>>>

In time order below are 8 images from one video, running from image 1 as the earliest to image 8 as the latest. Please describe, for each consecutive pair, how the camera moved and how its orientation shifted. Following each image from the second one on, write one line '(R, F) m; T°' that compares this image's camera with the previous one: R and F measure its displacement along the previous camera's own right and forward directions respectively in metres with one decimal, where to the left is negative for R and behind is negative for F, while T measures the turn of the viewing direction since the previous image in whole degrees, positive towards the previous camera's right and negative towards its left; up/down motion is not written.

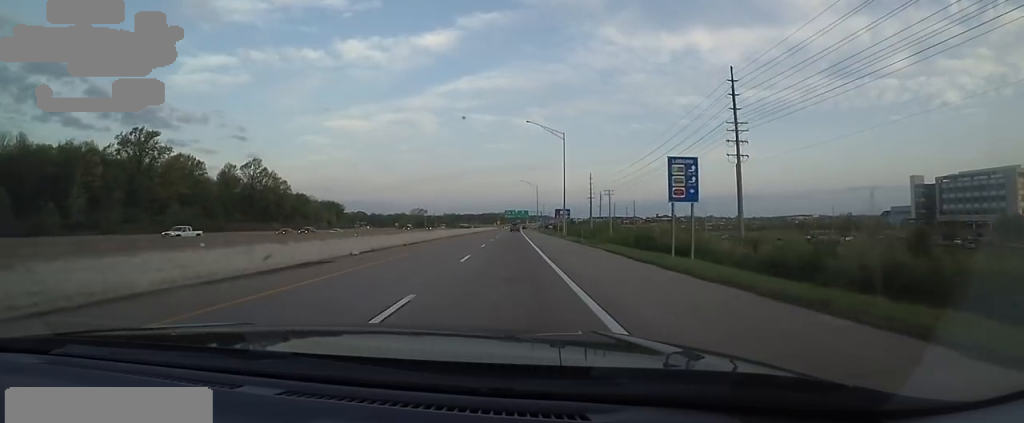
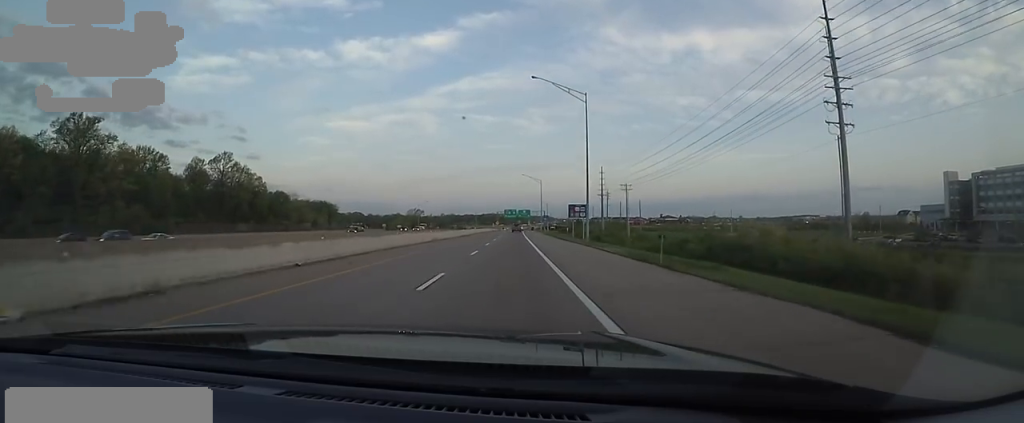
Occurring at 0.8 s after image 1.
(+1.2, +19.9) m; 0°
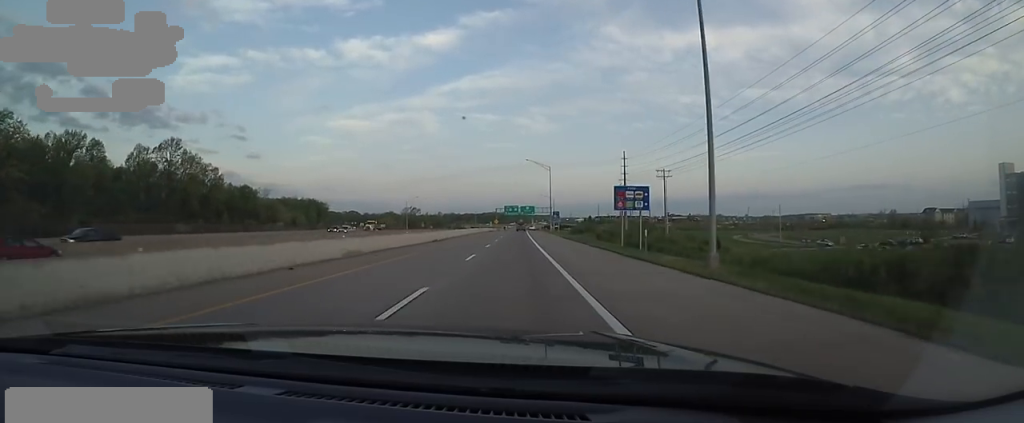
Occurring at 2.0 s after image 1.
(-1.4, +29.0) m; -1°
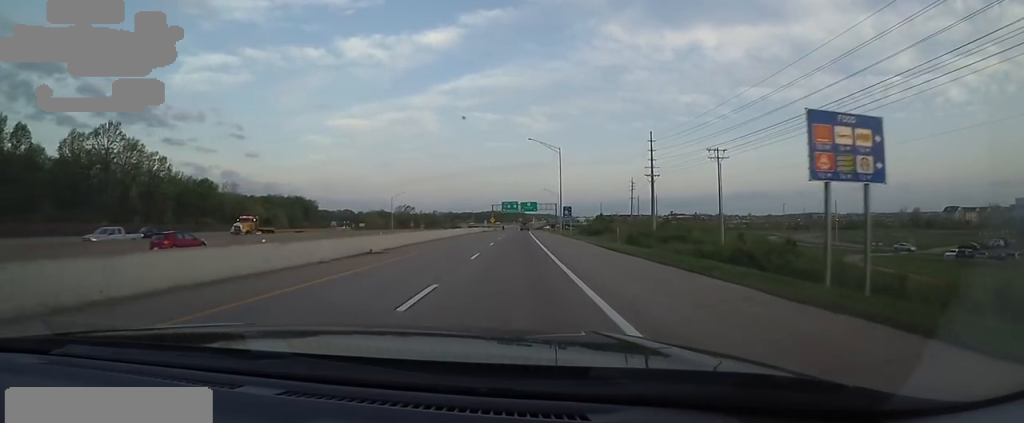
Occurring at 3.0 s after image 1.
(+0.6, +24.9) m; +1°
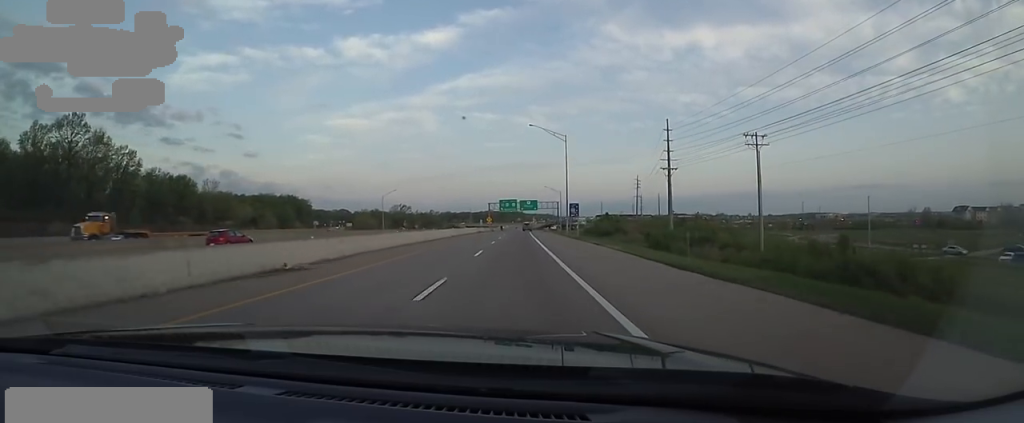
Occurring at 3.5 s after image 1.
(-0.4, +11.3) m; +1°
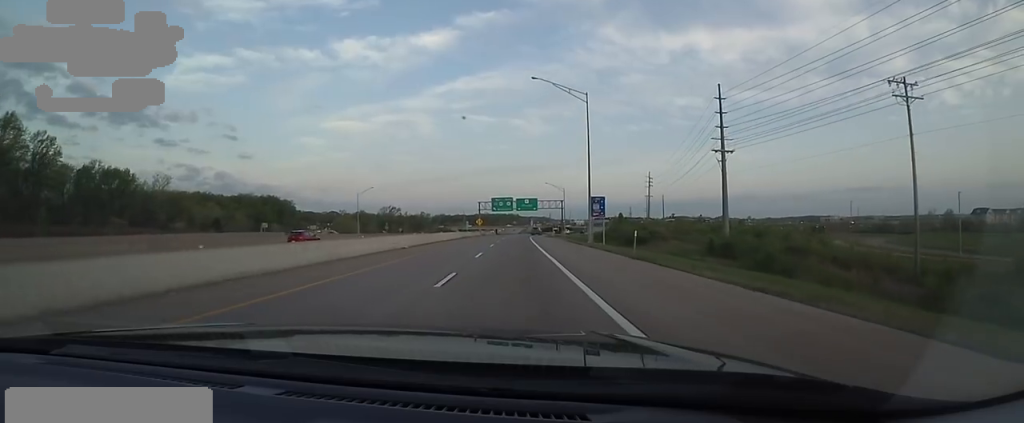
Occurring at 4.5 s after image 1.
(+0.8, +23.5) m; +3°
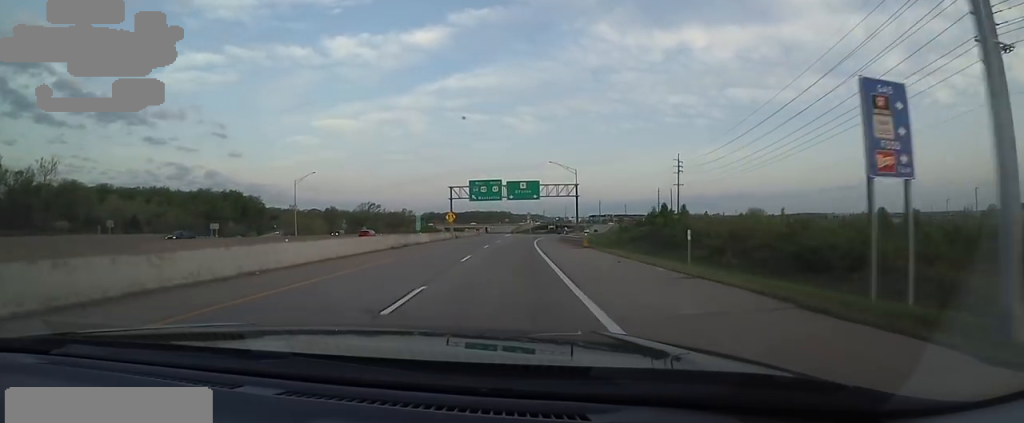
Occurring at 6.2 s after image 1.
(-0.2, +37.9) m; -1°
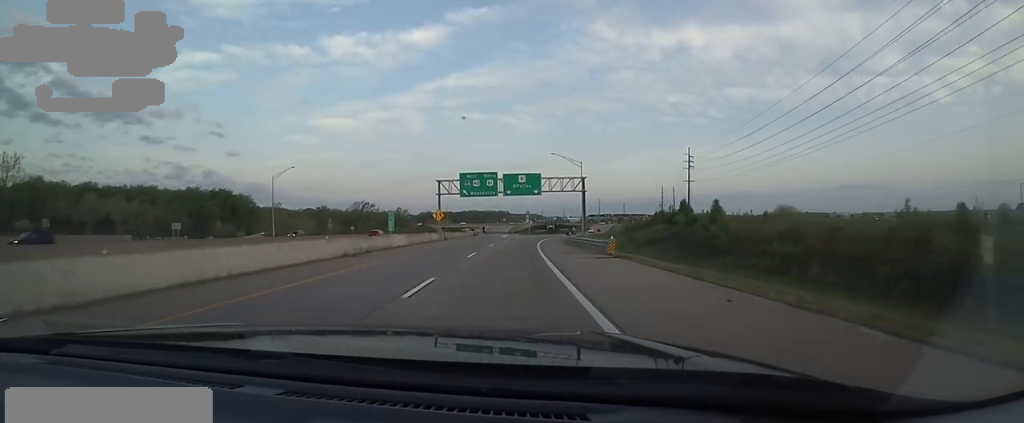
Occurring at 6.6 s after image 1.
(-0.3, +9.3) m; 0°

<<<

→ EXERCISE DIRECTIONS:
All entries above, minus the pictures, should be repeated exactly.

→ SOLUTION:
In time order below are 8 images from one video, running from image 1 as the earliest to image 8 as the latest. Please describe, for each consecutive pair, how the camera moved and how its orientation shifted. Following each image from the second one on, write one line '(R, F) m; T°' that compares this image's camera with the previous one: R and F measure its displacement along the previous camera's own right and forward directions respectively in metres with one decimal, where to the left is negative for R and behind is negative for F, while T measures the turn of the viewing direction since the previous image in whole degrees, positive towards the previous camera's right and negative towards its left; up/down motion is not written.

Occurring at 0.8 s after image 1.
(+1.2, +19.9) m; 0°
Occurring at 2.0 s after image 1.
(-1.4, +29.0) m; -1°
Occurring at 3.0 s after image 1.
(+0.6, +24.9) m; +1°
Occurring at 3.5 s after image 1.
(-0.4, +11.3) m; +1°
Occurring at 4.5 s after image 1.
(+0.8, +23.5) m; +3°
Occurring at 6.2 s after image 1.
(-0.2, +37.9) m; -1°
Occurring at 6.6 s after image 1.
(-0.3, +9.3) m; 0°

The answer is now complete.